**What the task requires**: Check each line of the data, and copy those where "text" appears.

**Information given**:
================

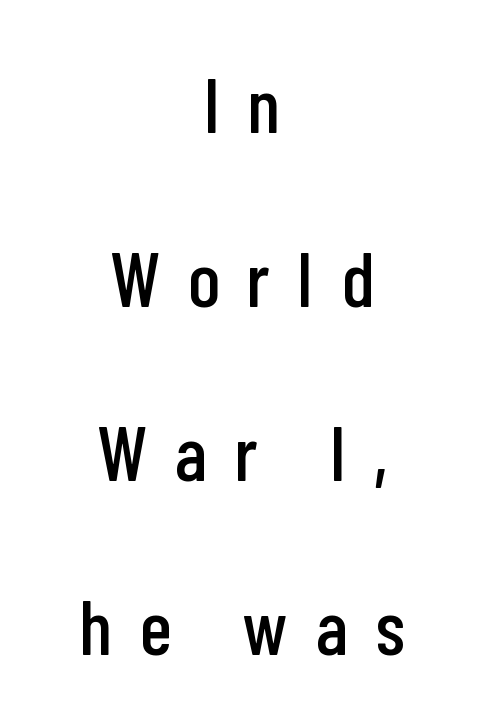
Q: Is the text italic (slanted)? A: No, it is upright.
Q: Is the typeface a serif or a sans-serif typeface? A: Sans-serif.
Q: Is the text underlined? A: No.
Q: How is the paragraph aligned? A: Centered.
Q: Is the spacing between letters normal or unusually wide? A: Unusually wide.
Q: Is the spacing between lines tight, normal or loose? A: Loose.
Q: Width (condensed, normal, or wide)? A: Condensed.
Q: Stroke contrast? A: Low.
Q: x-height? A: Medium.
Q: Monospaced? A: No.

================

**Solution to this task**:
Q: Is the text italic (slanted)? A: No, it is upright.
Q: Is the text underlined? A: No.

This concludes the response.